Trataba de no pensar mucho en Octavius, pero era imposible. Por mucho empeño que pusiera en ello, mi mente siempre terminaba dispersándose en ese sentido. Era sencillamente frustrante.

Atia no había dado señal de haberse percatado de algo, porque a pesar de la noche pasada no me dijo absolutamente nada. Era extraño en ella, ya que siempre era la primera en querer enterarse de todos los cotilleos. Quizás no se hubiera acordado... aún, porque sabía que tarde o temprano me preguntaría el motivo de mi inquietud.

Pero ni siquiera yo lo sabía. Estaba segura de que no me gustaba Octavius, ya que apenas lo conocía y además no estaba para nada a mi alcanze... ¿ pero qué habían sido esas ganas de besarle entonces ? Uno no quiere besar a alguien que no le gusta, eso es un hecho. Quizás solo me sintiera atraída, que no era lo mismo que estar enamorada. Y como no sentirse así... Venus* había hecho un buen trabajo con él.

- ¿ Donde tienes la cabeza hoy, chica ? - preguntó Didius con su ronca voz.

Alcé la cabeza de entre el heno y lo miré.

Una de las cosas que más me gustaba del viejo, al que había empezado a admirar, era que hablaba a caballos y hombres por igual, tratándolos con el mismo respeto. Era algo que me gustaba de él.

- Lo siento - me disculpé con un suspiro, irguiéndome y estirando la espalda - estoy distraída.

- No hace falta que me lo jures. Haz un esfuerzo por quedarte aquí abajo, ¿ quieres ?
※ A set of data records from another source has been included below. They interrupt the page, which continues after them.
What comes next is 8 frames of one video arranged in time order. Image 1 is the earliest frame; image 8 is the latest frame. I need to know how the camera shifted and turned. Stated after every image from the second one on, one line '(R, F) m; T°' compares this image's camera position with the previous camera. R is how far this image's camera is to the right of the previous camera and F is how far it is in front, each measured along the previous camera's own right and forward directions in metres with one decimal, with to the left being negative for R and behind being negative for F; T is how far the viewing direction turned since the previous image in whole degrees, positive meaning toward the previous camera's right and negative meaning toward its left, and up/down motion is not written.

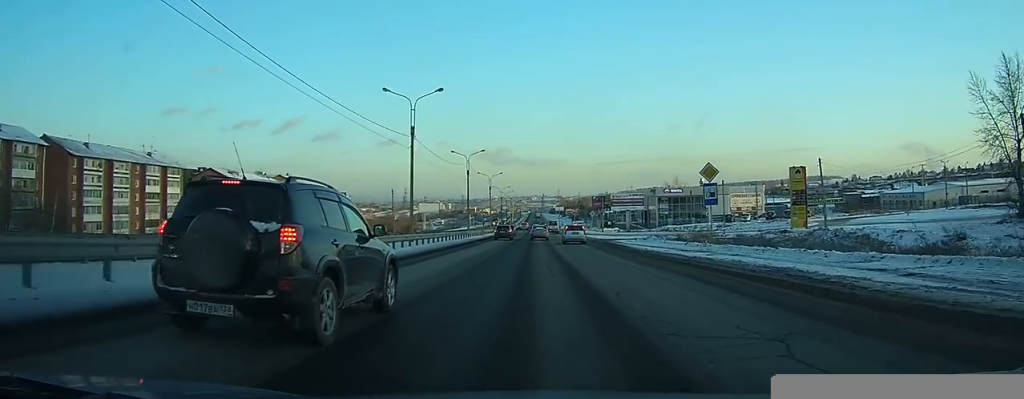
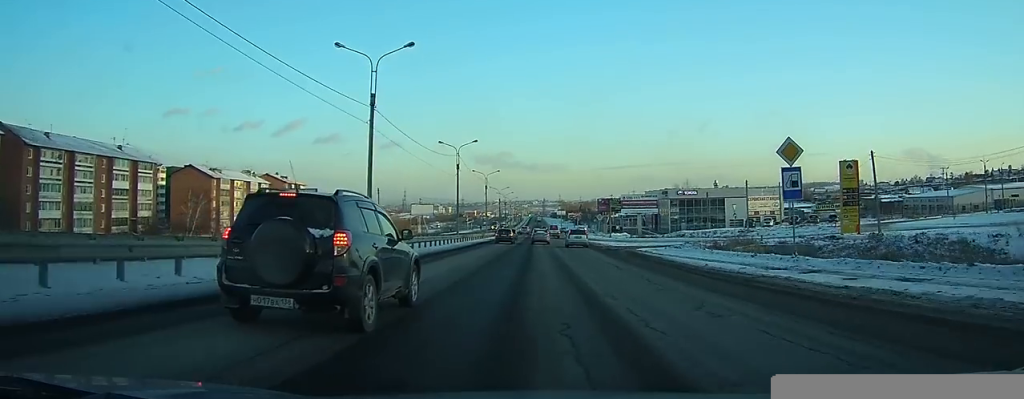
(0.0, +11.8) m; 0°
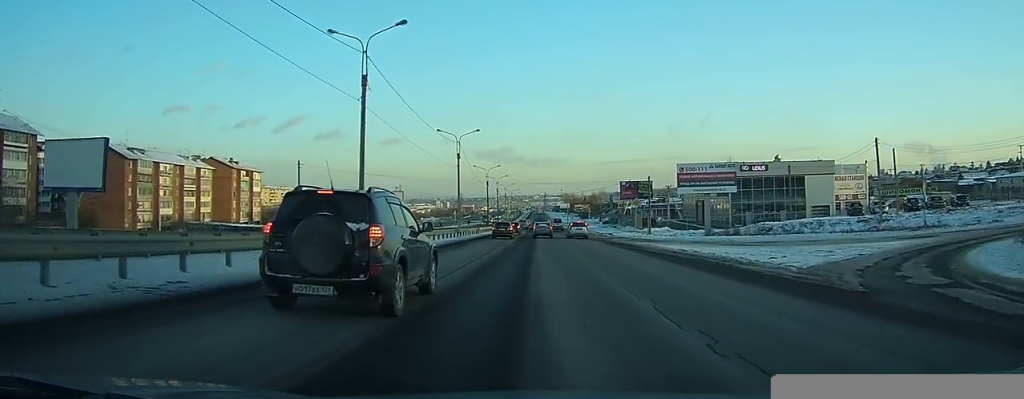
(-0.2, +38.8) m; 0°
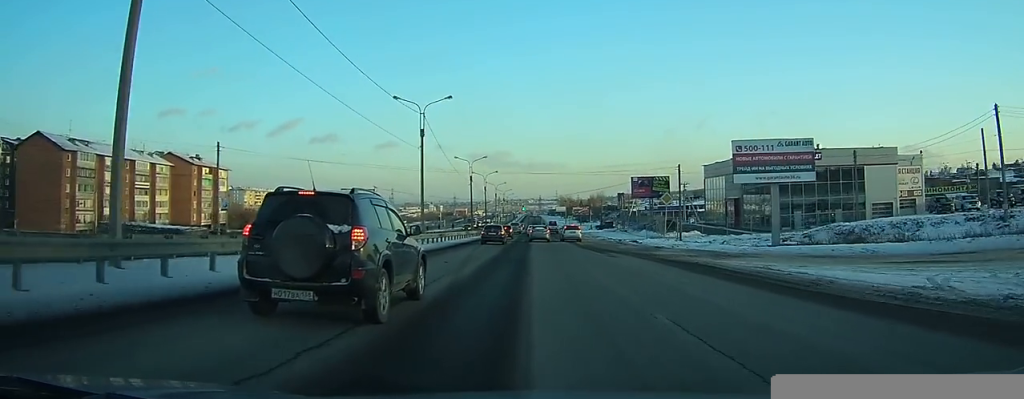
(-0.1, +20.1) m; 0°
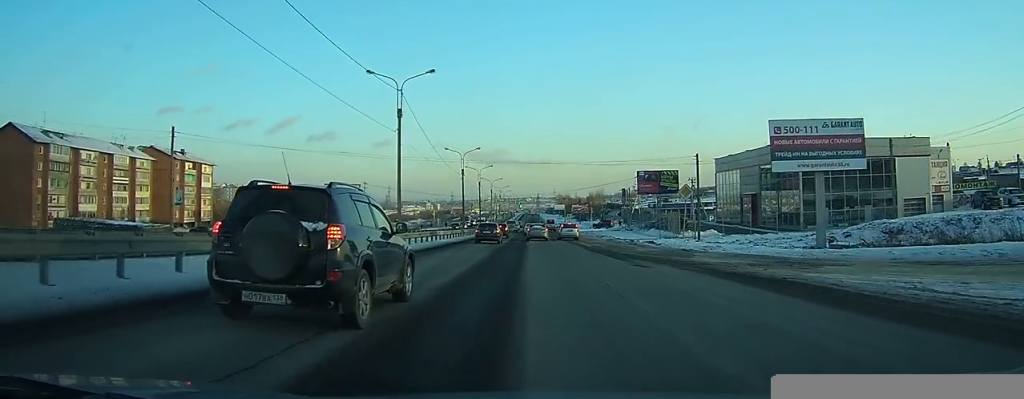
(0.0, +7.9) m; 0°
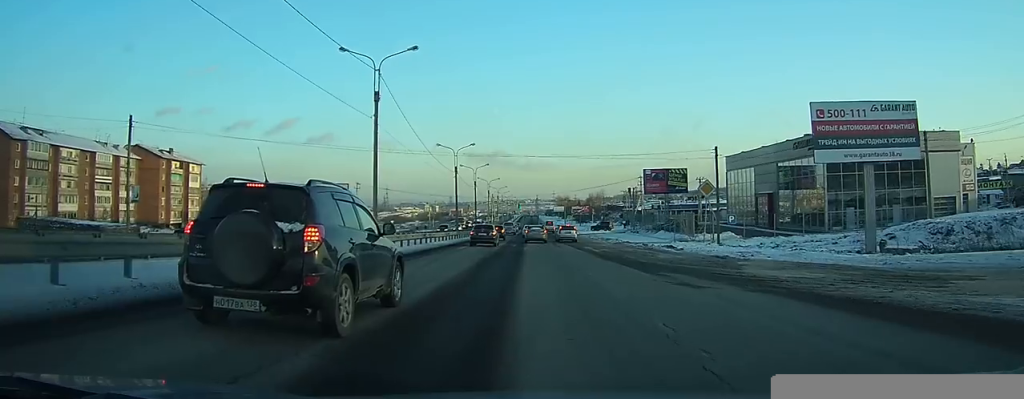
(0.0, +6.4) m; 0°
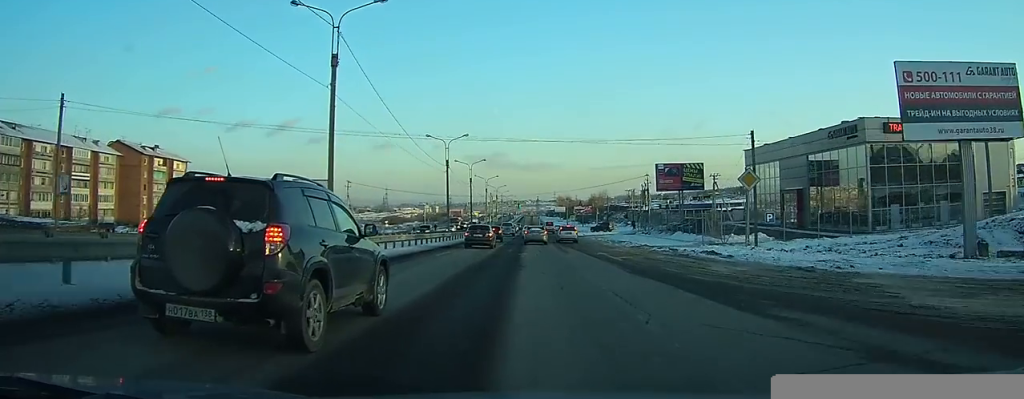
(+0.1, +8.4) m; 0°
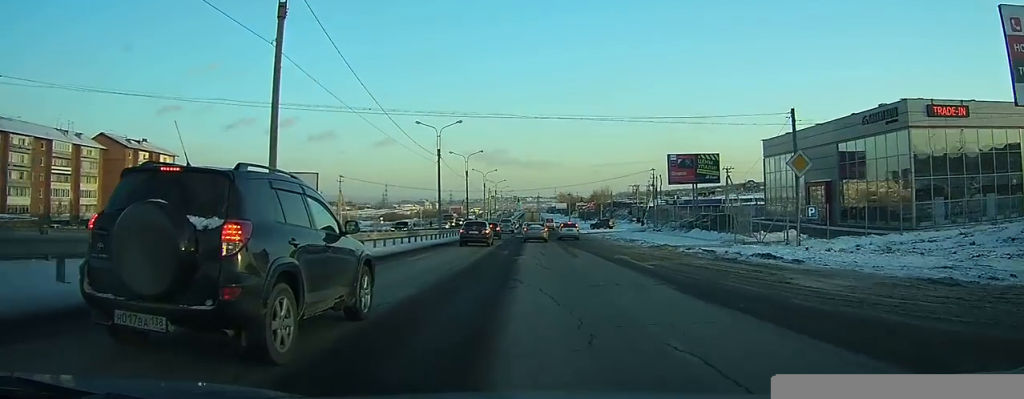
(0.0, +6.8) m; 0°

Asentí, agarrando otro puñado de heno para llevarlo al siguiente boxer.

Al entrar en él mi pie chocó contra la valla de madera con un doloroso crujido.

- ¡ Joder ! - farfullé, levantando la pierna para masajearme los dedos con una mueca.

La cabeza de Didius asomó por el establo. Se quedó mirando la situación con una mirada de soslayo.

- Anda, lárgate de aquí - dijo, señalando la puerta.

Abrí la boca para protestar casi enseguida, pero él me interrumpió.

- Tal y como estás ahora no eres de ayuda, más bien lo contrario. Mejor vete y vuelve mañana con la sesera más despejada.

Comprendí que tenía razón, y resignada, arrastré los pies de vuelta a la villa.

En el patio exterior habían montado ya las mesas para la comida, y la gente llegaba ya a sentarse y tomarse su merecido - pero corto - descanso.

Los platos de cerámica comenzaron a rular de una mano a otra, hasta que todos estuvieron servidos.

Los cotilleos empezaron entonces.

- ¿ Habeis oído las nuevas ? - preguntó Jacinta, una mujer rolliza que tenía los hombros tan anchos como los de cualquier hombre.

- ¿ Qué pasa, qué pasa ? - preguntaron los mellizos, por supuesto, a la vez.

- ¿ No os habeis enterado aún ?- fardó Atia. Como siempre, ella había sido la primera en enterarse.

- Suéltalo ya, Atia - dijo Maximus con una sonrisa.

- Dentro de dos días llegarán un gran número de invitados a la villa - contestó Jacinta en su lugar.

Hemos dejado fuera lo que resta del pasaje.